The Department of Commerce on Tuesday issued a proposed rulemaking seeking public feedback on its plans to implement a presidential directive signed in May to secure the nation’s information and communications technology and services (ICTS) supply chain from products and services provided by companies that may be owned by, or subject to, the control and influence, of foreign adversaries.
The Notice of Proposed Rulemaking, which will be published in the Nov. 27 Federal Register, lays out the procedures the Secretary of Commerce will use to identify and evaluate whether a pending acquisition of technology or service presents a risk to ICTS in the U.S. and should be prohibited.
The proposal stems from President Trump’s Executive Order (EO 13873), Securing the Information and Communications Technology and Services Supply Chain, that warns that foreign adversaries are conducting “economic and industrial espionage against the United States and its people” by creating and taking advantage of cyber security vulnerabilities in the nation’s ICTS, which is crucial to critical infrastructure and the digital economy.

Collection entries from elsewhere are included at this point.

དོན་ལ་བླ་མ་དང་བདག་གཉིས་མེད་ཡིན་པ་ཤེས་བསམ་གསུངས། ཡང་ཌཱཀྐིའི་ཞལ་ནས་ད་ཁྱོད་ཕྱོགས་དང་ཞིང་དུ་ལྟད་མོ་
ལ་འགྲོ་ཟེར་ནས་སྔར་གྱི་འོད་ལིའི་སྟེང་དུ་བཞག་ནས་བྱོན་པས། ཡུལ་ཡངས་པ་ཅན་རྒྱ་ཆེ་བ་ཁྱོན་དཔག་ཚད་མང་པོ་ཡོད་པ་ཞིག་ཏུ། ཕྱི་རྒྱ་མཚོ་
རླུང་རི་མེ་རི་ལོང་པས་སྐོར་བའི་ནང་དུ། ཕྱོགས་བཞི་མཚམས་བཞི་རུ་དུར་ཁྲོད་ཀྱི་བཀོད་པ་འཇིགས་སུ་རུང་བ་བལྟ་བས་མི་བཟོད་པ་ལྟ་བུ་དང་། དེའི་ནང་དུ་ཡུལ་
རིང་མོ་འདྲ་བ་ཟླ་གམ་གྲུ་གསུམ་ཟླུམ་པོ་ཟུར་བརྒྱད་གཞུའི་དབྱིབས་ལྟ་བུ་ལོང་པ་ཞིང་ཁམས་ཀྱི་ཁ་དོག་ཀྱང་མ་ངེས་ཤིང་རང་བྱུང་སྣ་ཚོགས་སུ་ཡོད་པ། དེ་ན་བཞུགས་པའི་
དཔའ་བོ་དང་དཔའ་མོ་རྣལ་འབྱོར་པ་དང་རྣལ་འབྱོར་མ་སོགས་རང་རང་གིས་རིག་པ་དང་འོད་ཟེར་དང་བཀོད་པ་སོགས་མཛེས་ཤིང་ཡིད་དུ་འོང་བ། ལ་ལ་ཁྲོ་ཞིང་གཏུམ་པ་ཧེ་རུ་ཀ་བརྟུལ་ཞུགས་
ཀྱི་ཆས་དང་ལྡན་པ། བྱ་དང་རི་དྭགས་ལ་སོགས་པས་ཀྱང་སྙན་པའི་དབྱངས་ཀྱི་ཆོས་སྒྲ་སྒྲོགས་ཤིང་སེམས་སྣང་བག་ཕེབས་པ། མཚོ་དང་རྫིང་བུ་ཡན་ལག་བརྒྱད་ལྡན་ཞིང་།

The executive order also highlights a weak point in the ICTS ecosystem, which is the use of services and technologies “designed, developed, manufactured, or supplied by persons owned by, controlled by, or subject to, the jurisdiction or direction of foreign adversaries” can lead to the exploitation by these adversaries of these same services and technologies “with potentially catastrophic effects” and therefore represent a grave risk to the country.
The executive order is targeted at ICTS product and service companies such as China’s Huawei and Russia’s Kaspersky Labs, whose products are seen by the U.S. intelligence community and other security agencies as potential entry points into U.S. information systems and networks for the benefit of their home countries.
“These actions will safeguard the Information and Communications Technology Supply Chain,” Commerce Secretary Wilbur Ross said in a statement. “These rules demonstrate our commitment to security of the digital economy, while also delivering on President Trump’s commitment to our digital infrastructure.”
The proposed rulemaking says the secretary will assess ICTS transactions on a case-by-case basis against the requirements set out in the executive order. No specific technologies or “particular participants” are included or excluded from possible rejection, it says.
To help the Commerce Department implement Trump’s directive, the Office of the Director of National Intelligence provided a classified threat assessment from ICTS subject to prohibition under the executive order and the Department of Homeland Security provided “an initial vulnerabilities assessment identifying and assessing ICTS hardware, software, and services that present vulnerabilities in the United States,” according the proposal.
Respondents have 30 days to submit their feedback on the proposed rule.